White, D. A. 1983. Plant communities of the lower Pearl River basin, Louisiana. American Midland Naturalist 110:381–396.
[All sources cited in the text must be included in the References section. Only cited sources are included. References are listed in alphabetical order by authors’ last names and all references must be complete, i.e. must include the names and initials of all authors, the year of publication, the full title, and the name of the journal, its volume and the page range. References typically use “hanging indentation,” in which the first line is not indented but all subsequent lines are indented. Web pages are typically not acceptable references, although electronic journals are acceptable.]

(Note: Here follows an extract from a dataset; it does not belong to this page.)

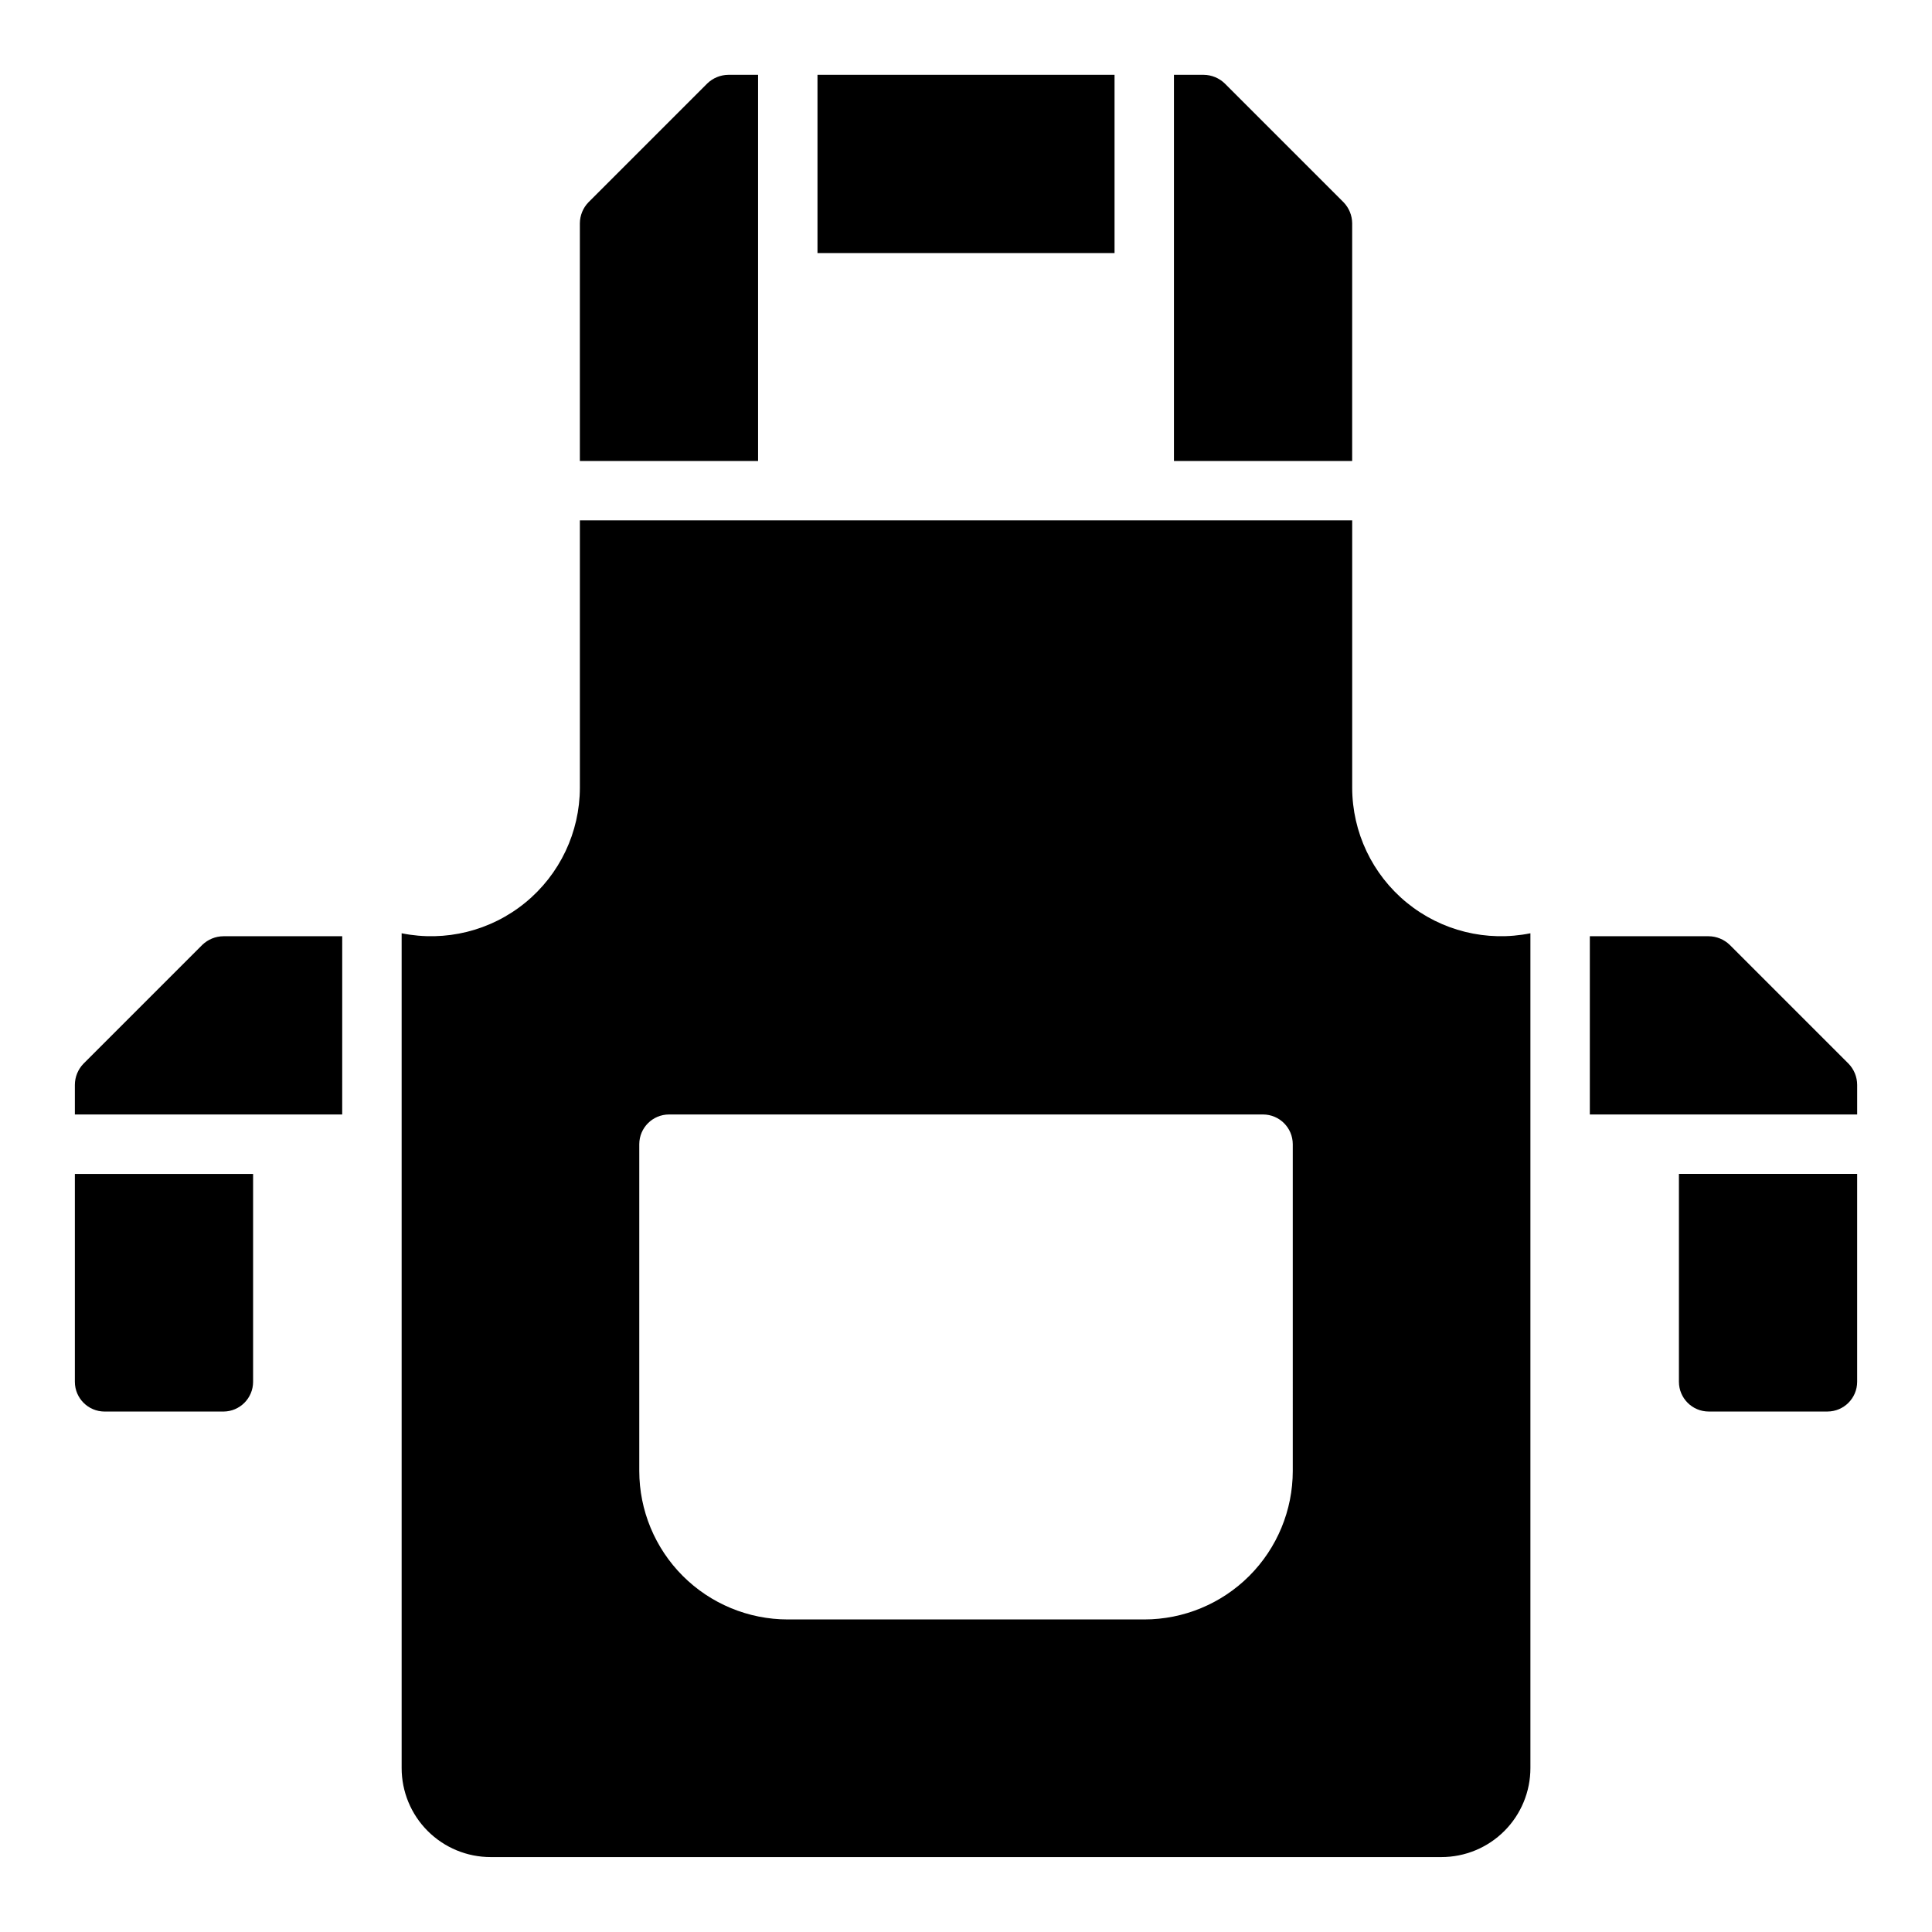 <?xml version="1.0" encoding="UTF-8"?>
<!-- Uploaded to: SVG Repo, www.svgrepo.com, Generator: SVG Repo Mixer Tools -->
<svg fill="#000000" width="800px" height="800px" version="1.1" viewBox="144 144 512 512" xmlns="http://www.w3.org/2000/svg">
 <path d="m163.84 455.1h47.234v55.105c-0.012 4.344-3.531 7.859-7.871 7.871h-31.488c-4.344-0.012-7.859-3.527-7.875-7.871zm181.06-291.27h-7.871c-2.09 0.016-4.09 0.836-5.59 2.285l-31.488 31.488c-1.449 1.5-2.269 3.5-2.281 5.59v62.977h47.23zm94.465 0h-78.723v47.234h78.723zm62.977 39.359v0.004c-0.016-2.09-0.832-4.09-2.285-5.59l-31.488-31.488c-1.5-1.449-3.5-2.269-5.586-2.285h-7.875v102.34h47.23zm86.59 307.01c0.016 4.344 3.531 7.859 7.875 7.871h31.488c4.34-0.012 7.856-3.527 7.871-7.871v-55.105h-47.234zm-391.32-115.8-31.488 31.488c-1.449 1.5-2.269 3.5-2.285 5.59v7.871h70.848l0.004-47.234h-31.488c-2.09 0.016-4.09 0.836-5.59 2.285zm436.27 31.488-31.488-31.488c-1.5-1.449-3.5-2.269-5.586-2.285h-31.488v47.23h70.848v-7.867c-0.016-2.09-0.832-4.09-2.285-5.59zm-84.309-34.559v221.2c0.008 6.266-2.477 12.277-6.906 16.707-4.43 4.434-10.441 6.918-16.711 6.91h-251.9c-6.266 0.008-12.277-2.477-16.711-6.91-4.43-4.43-6.914-10.441-6.906-16.707v-221.2c11.578 2.344 23.602-0.629 32.75-8.102 9.152-7.473 14.465-18.656 14.484-30.473v-70.848h204.67v70.848c0.016 11.816 5.328 23 14.48 30.473 9.152 7.473 21.172 10.445 32.75 8.102zm-62.977 55.891c-0.012-4.344-3.527-7.859-7.871-7.871h-157.44c-4.34 0.012-7.859 3.527-7.871 7.871v86.594c0.004 10.438 4.152 20.445 11.531 27.828 7.383 7.379 17.391 11.527 27.828 11.531h94.465c10.438-0.004 20.445-4.152 27.828-11.531 7.379-7.383 11.527-17.391 11.531-27.828z"/>
</svg>

Table I. Point-Quarter Sampling Estimation of Cherry Tree Density
Sample
1 2 3 4 5 Overall
Quadrant 1 11.1 3.0 14.8 22.2 12.1
Quadrant 2 3.0 14.3 2.7 2.3 7
Quadrant 3 14.8 23.1 30.5 16.3 19
Quadrant 4 22.2 7.7 9.5 6.6 30
Paces to next
sampling point 26 7 19 30 —
Average (m) 11.4 5.6 21.2 11.5 8.3 11.6
S.D. (m) 5.7 5.8 7.2 7.2 2.9 7.6
Mean area (m 2) 128.8 31.1 448.4 132.3 68.1 133.9
Density
(per 100 m2) 0.78 3.22 0.22 0.76 1.47 0.75
[All tables must be cited in the text. Each table is numbered consecutively in the order in which it was cited in the text and each is listed on its own page. Each table also includes a descriptive title and other information that allows it to “stand alone.” Footnotes, which explain some tabular material, are allowed. “Stub lines” above headings allow the reader to see easily the way the information is organized. Tables are also double spaced (nothing is single spaced) with columns aligned. Only horizontal lines are allowed; there are no vertical lines. The student might also present other results in a figure (i.e. as a graph). (A sample graph of data not included in this report is included at the end of this paper.) In most cases, graphs are better ways to compare results (as in this study) than tables. If the student had used a graph, however, she would not also present the same data in a table (use one or the other, but not both).]
Figure Legends
Fig. 1. Germination success of seeds of the gal-3 mutant of A. thaliana in response to treatment with GA 3 in light or darkness. Means with SE bars are shown.
[If the student used a figure rather than a table, she would need to add a Figure Legends page on which the legend of the figure would be listed. The figure itself would then follow on its own page. As with the corresponding table, the figure must “stand alone.” It would probably be better not to have the x-axis go up to 125%, as more than 100% success is not possible, but leaving some room at the top of the graph makes it easier to see the error bars on the 0.5mol L -1 means.]